Natalie Curran, chief investigator of the mid Atlantic Nobel gas research laboratory in Goddard, is mainly responsible for understanding the history that the sample may experience during its existence on the moon. The surface of the moon is a harsh environment. Unlike the earth, it does not have an atmosphere to protect it from exposure to space.
"Our work enables us to use inert gases such as argon, helium, neon and xenon to measure the exposure time of the sample to cosmic rays, which can help us understand the history of the sample.
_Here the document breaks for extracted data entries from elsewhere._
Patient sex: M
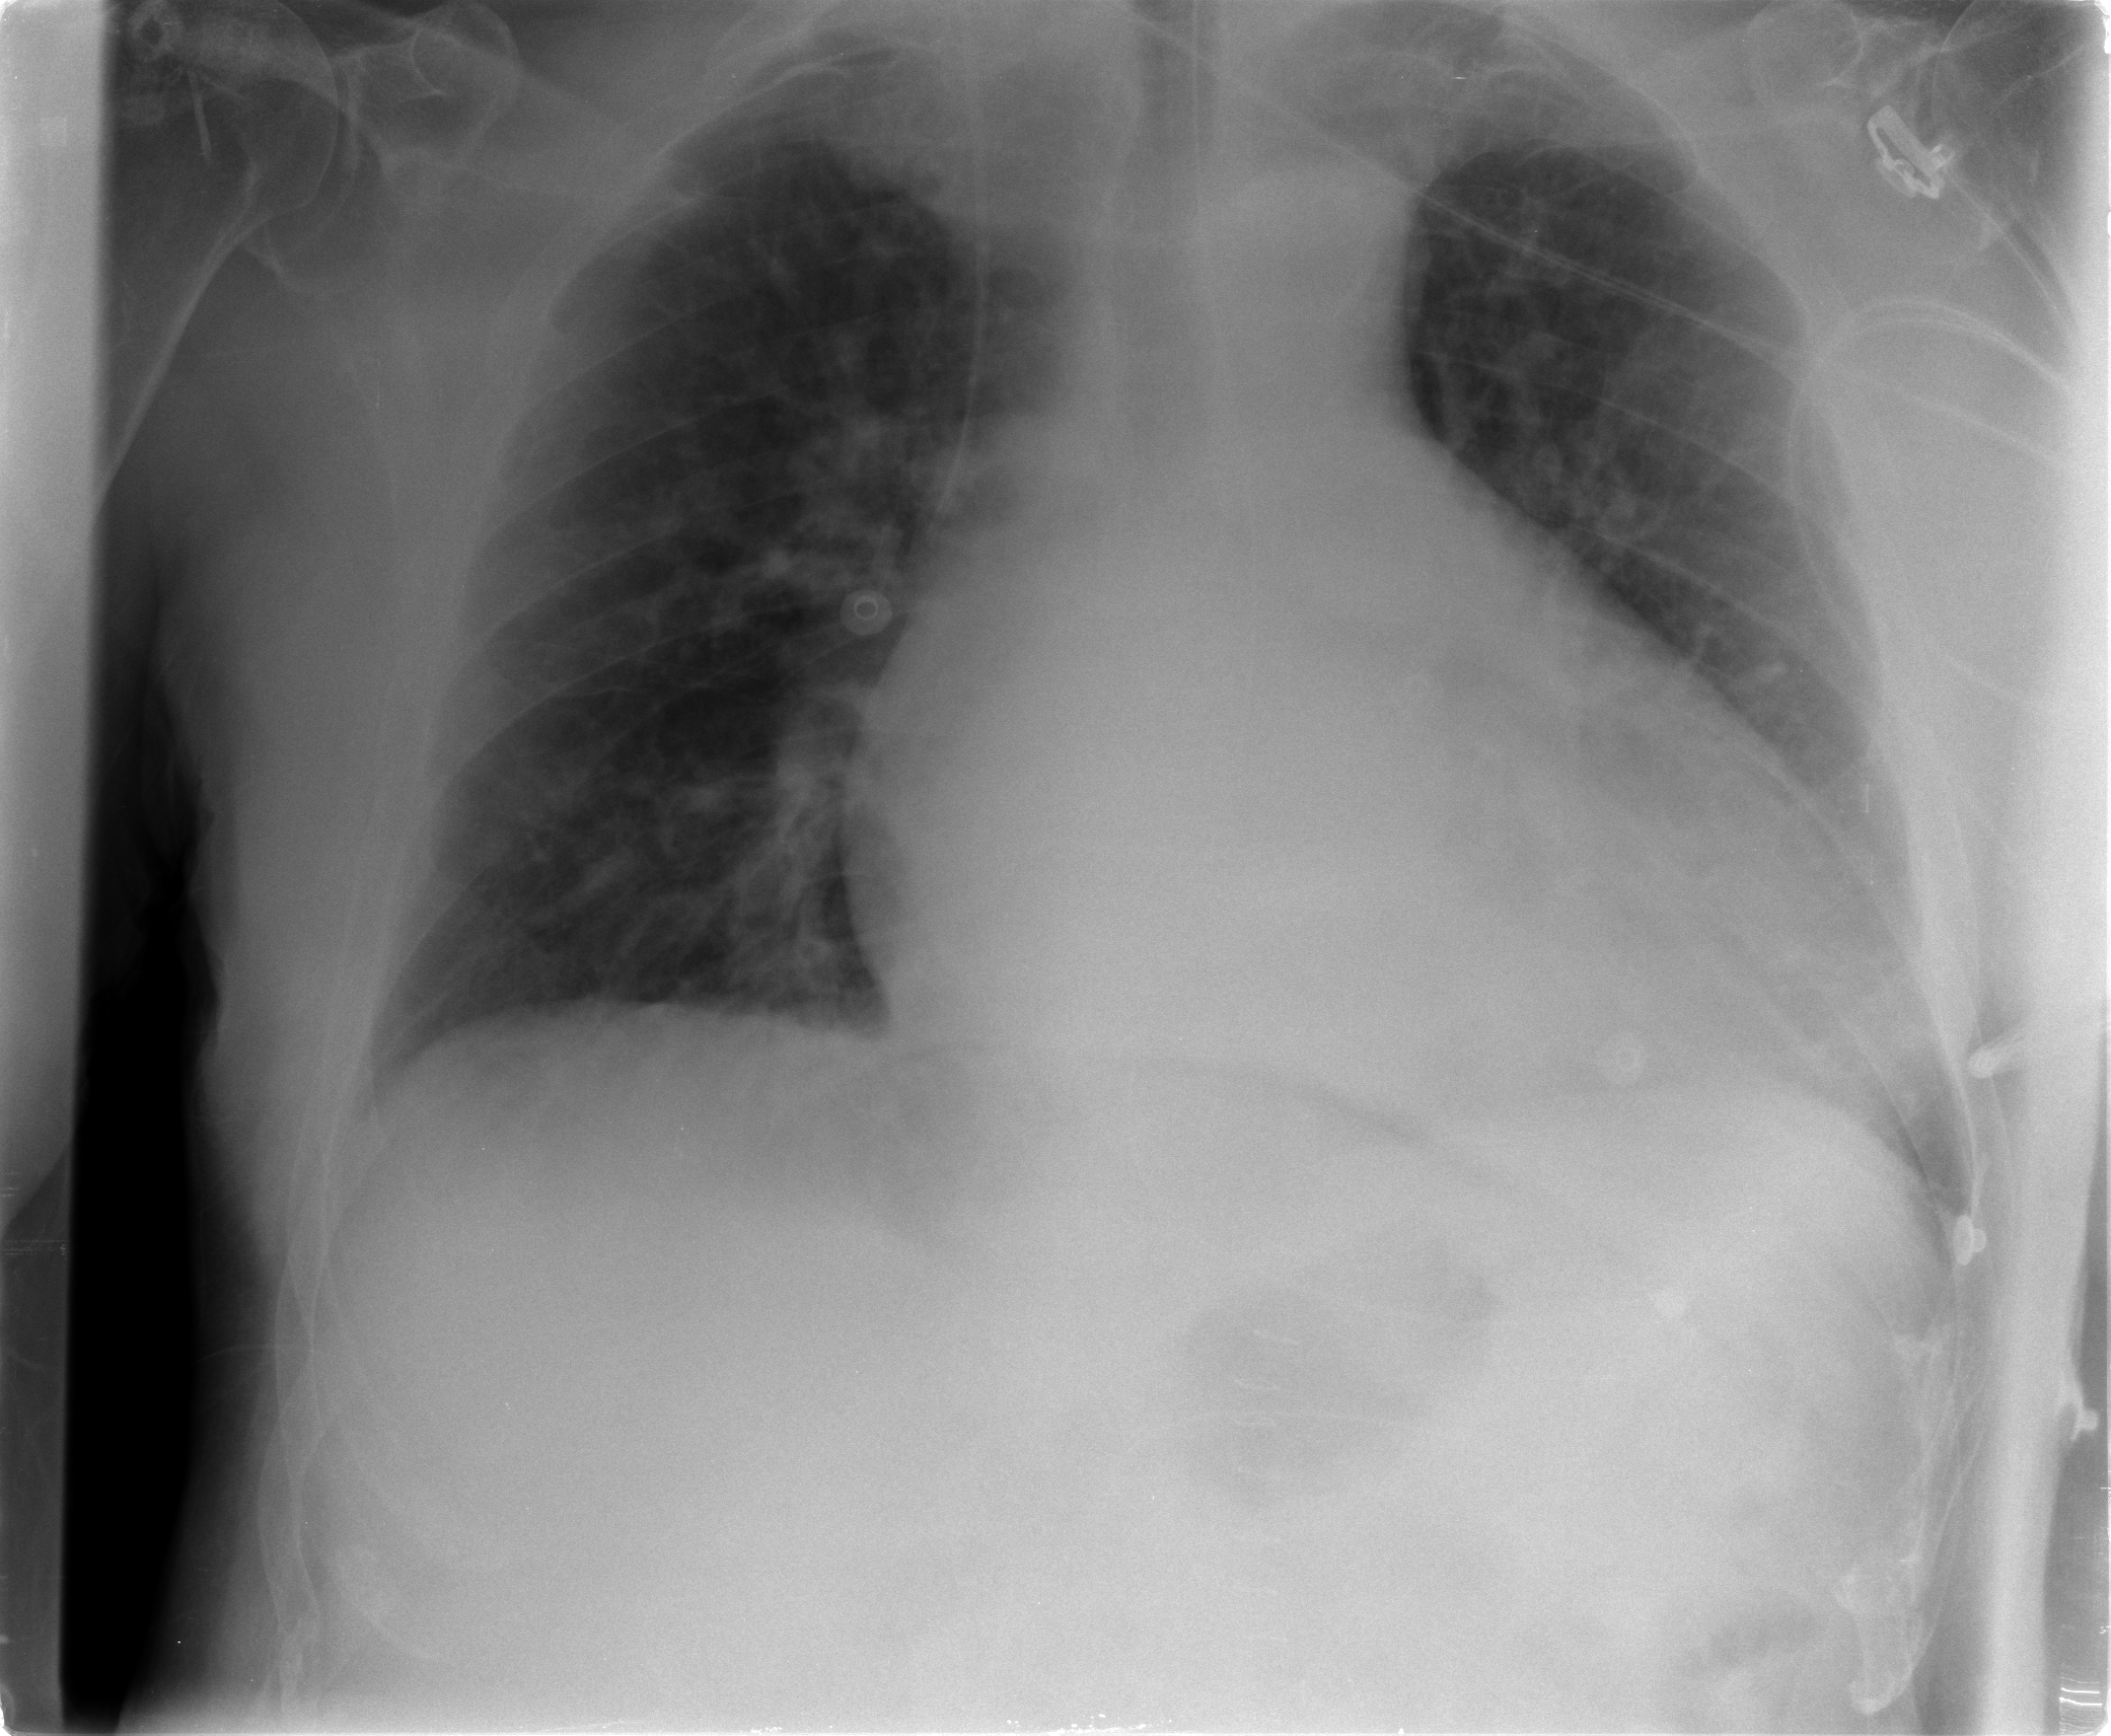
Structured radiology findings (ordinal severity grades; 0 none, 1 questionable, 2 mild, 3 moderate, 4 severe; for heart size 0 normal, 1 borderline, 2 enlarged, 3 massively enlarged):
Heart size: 2
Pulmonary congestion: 2
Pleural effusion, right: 0
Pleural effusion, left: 0
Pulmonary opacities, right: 0
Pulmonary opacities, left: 0
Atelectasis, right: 0
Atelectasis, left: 2
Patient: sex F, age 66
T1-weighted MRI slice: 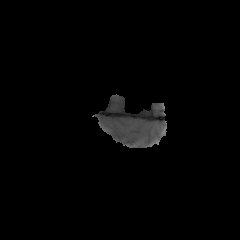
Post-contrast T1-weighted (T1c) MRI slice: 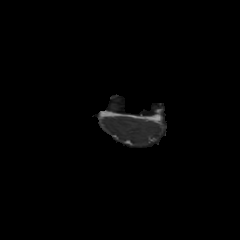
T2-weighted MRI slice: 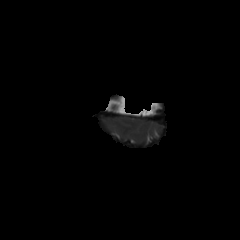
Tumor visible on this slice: no
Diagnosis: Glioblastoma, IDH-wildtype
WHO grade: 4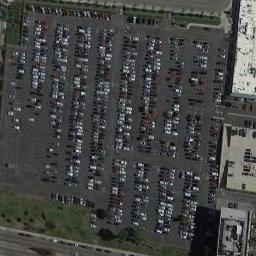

Since cosmic rays may damage the organic matter in the sample, understanding the duration can help determine the impact of exposure to organic matter," Curran said.
Elsila and Curran both have frozen and non frozen lunar samples. When these samples are brought to earth, some are stored at room temperature and the other is frozen, making it easy to compare between the two groups. Scientists will analyze the two groups of samples to determine whether there is a difference in organic content. Understanding any changes caused by different preservation methods may provide information for future decisions on how to store samples returned by Artemis astronauts, which is part of what Johnson's Ares team will do.
"It's cool to think about all the work of collecting samples on the moon and all the careful consideration and care to preserve them so that we can analyze them at this time," elsila said
Curran said: "it always shocks me when you think about how these samples come from another world, how much they have gone and the history of the solar system preserved in them."